* [Exercise goal] If a line in the data below holds the word "bottom", copy it.

(Records from a dataset)
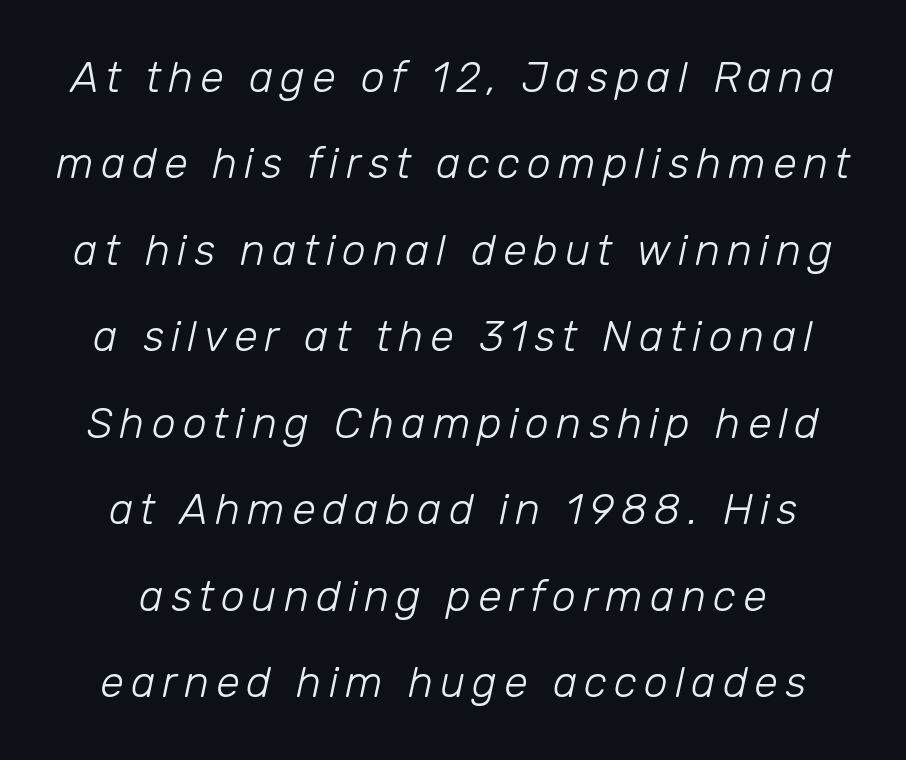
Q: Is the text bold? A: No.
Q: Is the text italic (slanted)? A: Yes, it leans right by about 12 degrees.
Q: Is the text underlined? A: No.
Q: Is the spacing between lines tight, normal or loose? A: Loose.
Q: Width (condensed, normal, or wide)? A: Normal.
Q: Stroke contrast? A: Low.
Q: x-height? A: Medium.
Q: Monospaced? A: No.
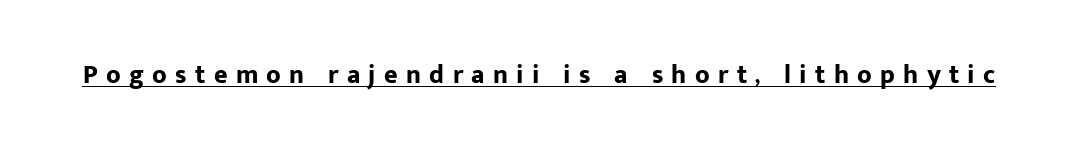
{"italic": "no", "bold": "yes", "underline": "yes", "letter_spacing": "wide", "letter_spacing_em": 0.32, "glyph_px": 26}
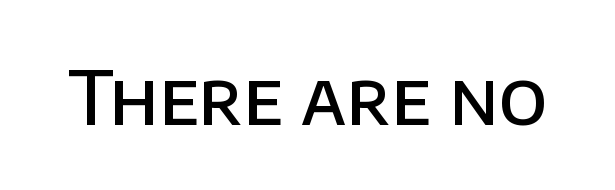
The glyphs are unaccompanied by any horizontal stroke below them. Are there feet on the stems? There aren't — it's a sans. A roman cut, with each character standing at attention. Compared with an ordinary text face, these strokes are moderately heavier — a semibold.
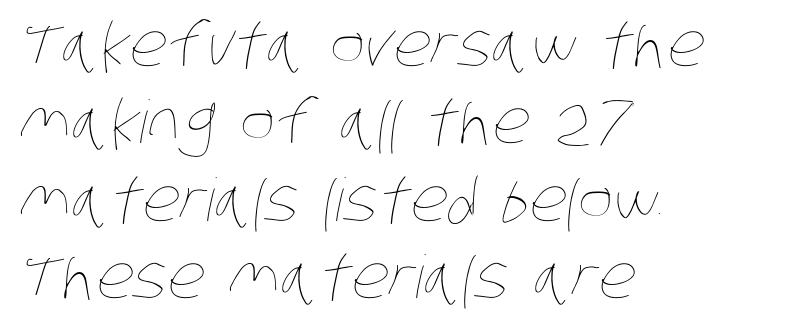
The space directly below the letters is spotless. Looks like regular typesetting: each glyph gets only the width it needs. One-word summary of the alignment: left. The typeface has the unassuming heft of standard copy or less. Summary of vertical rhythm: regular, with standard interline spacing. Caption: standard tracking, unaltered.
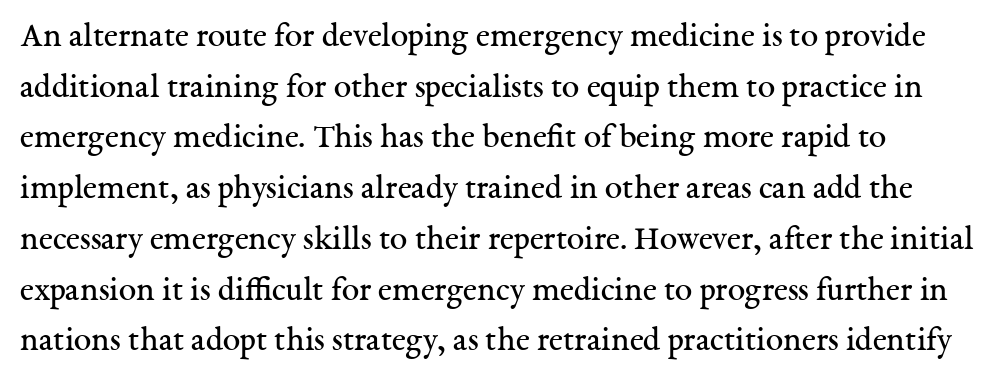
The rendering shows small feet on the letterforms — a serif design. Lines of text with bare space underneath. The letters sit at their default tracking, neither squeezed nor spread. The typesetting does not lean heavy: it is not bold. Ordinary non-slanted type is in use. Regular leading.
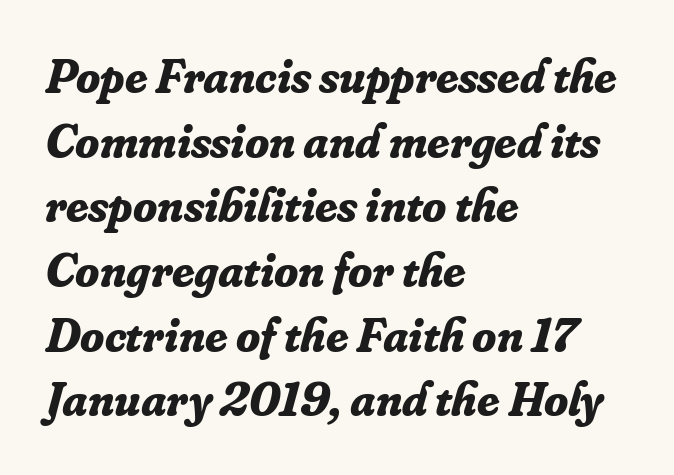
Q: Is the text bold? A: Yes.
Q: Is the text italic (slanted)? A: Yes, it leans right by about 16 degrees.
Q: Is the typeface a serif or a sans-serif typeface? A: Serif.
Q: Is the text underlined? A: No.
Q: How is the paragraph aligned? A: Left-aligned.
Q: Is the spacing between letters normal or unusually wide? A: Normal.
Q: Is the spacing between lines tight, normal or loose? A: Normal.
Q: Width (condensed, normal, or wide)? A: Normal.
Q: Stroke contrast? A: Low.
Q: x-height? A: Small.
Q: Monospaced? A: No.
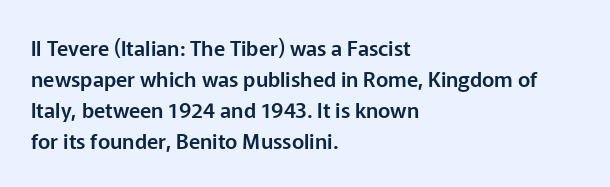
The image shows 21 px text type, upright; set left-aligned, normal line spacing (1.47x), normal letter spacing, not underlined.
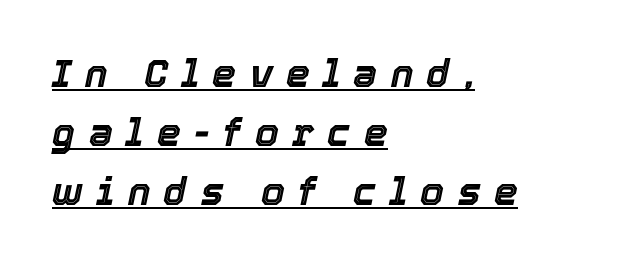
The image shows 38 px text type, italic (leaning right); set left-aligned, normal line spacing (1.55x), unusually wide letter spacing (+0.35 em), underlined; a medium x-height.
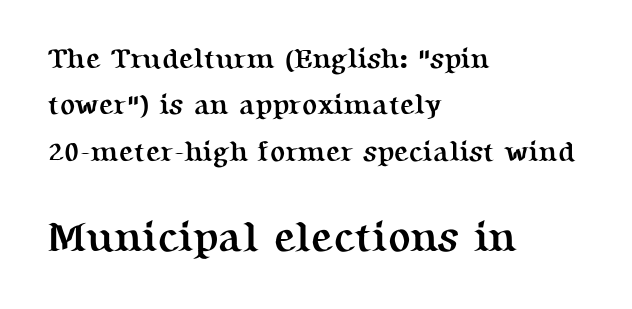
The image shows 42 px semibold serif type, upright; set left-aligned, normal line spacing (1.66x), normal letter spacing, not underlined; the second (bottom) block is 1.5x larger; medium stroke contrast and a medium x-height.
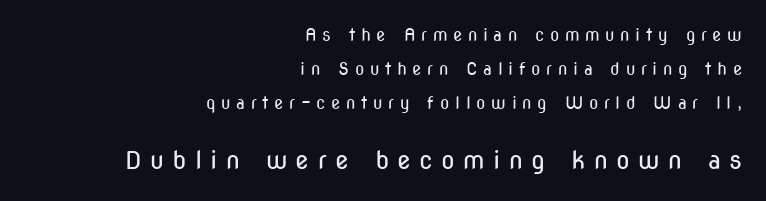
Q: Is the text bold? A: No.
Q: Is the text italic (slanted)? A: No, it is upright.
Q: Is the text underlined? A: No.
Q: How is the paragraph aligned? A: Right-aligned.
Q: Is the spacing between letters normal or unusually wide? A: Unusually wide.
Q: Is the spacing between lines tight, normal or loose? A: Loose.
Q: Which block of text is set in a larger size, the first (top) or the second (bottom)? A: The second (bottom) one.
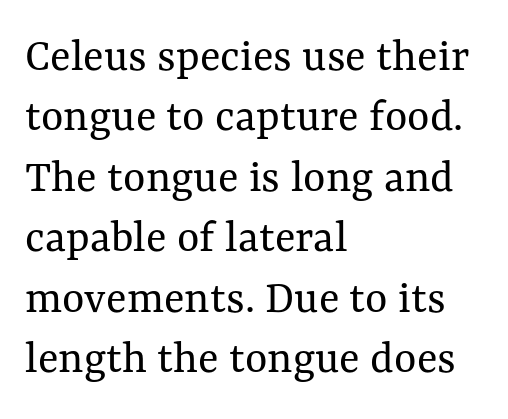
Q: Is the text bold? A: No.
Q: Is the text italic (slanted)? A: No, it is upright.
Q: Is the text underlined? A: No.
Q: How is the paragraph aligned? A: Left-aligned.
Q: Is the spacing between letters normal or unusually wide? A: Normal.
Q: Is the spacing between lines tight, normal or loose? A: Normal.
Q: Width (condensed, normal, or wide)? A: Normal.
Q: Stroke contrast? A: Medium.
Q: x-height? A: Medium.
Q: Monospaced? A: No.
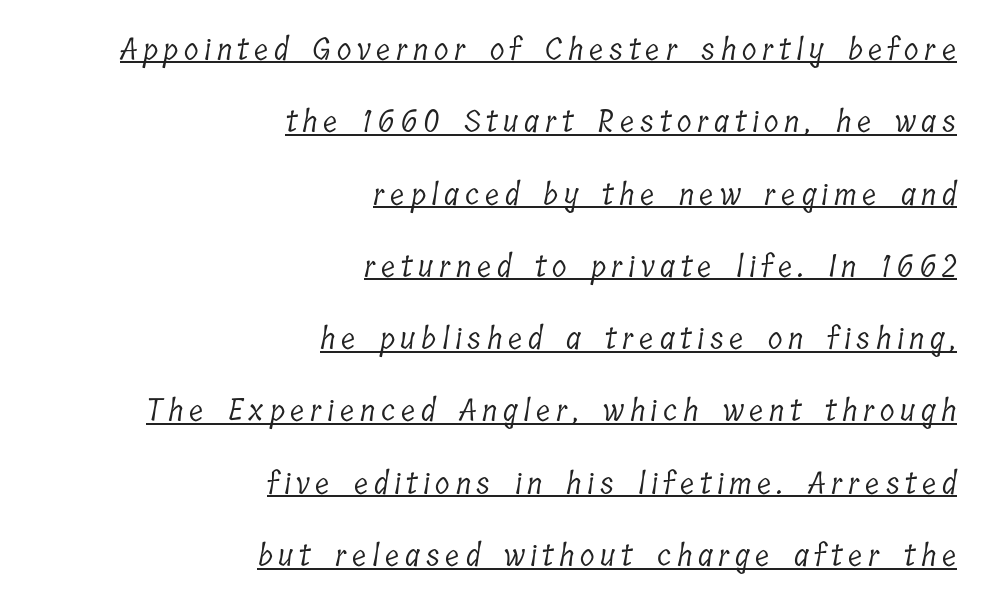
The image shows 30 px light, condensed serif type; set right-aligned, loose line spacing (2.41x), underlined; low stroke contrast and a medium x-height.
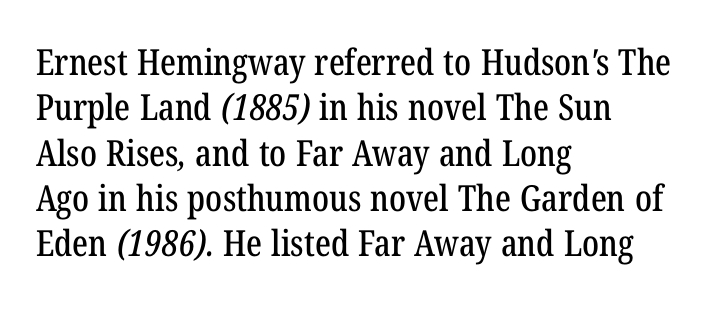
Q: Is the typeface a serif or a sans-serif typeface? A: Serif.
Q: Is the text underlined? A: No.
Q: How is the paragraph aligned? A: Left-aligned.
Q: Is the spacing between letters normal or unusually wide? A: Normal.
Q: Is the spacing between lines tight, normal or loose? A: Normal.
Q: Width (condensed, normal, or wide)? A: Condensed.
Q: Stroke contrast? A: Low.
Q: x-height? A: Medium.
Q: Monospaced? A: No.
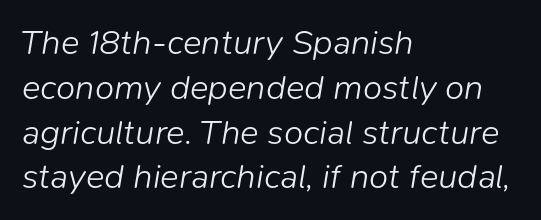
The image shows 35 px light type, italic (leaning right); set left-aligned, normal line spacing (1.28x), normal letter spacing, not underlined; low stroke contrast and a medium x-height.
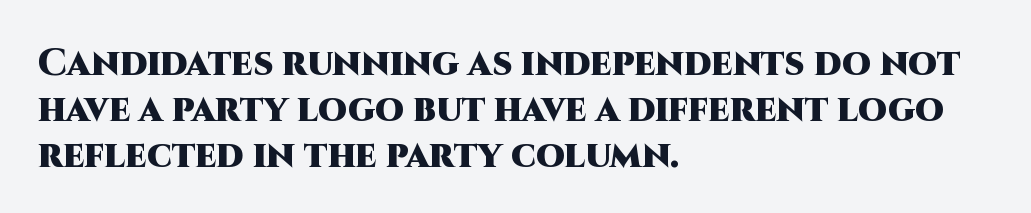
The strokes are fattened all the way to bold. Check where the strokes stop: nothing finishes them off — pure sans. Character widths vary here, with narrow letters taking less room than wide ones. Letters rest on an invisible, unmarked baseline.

* [Response]
The image shows 42 px semibold serif type, upright; set left-aligned, normal line spacing (1.66x), normal letter spacing, not underlined; the second (bottom) block is 1.5x larger; medium stroke contrast and a medium x-height.
Q: Which block of text is set in a larger size, the first (top) or the second (bottom)? A: The second (bottom) one.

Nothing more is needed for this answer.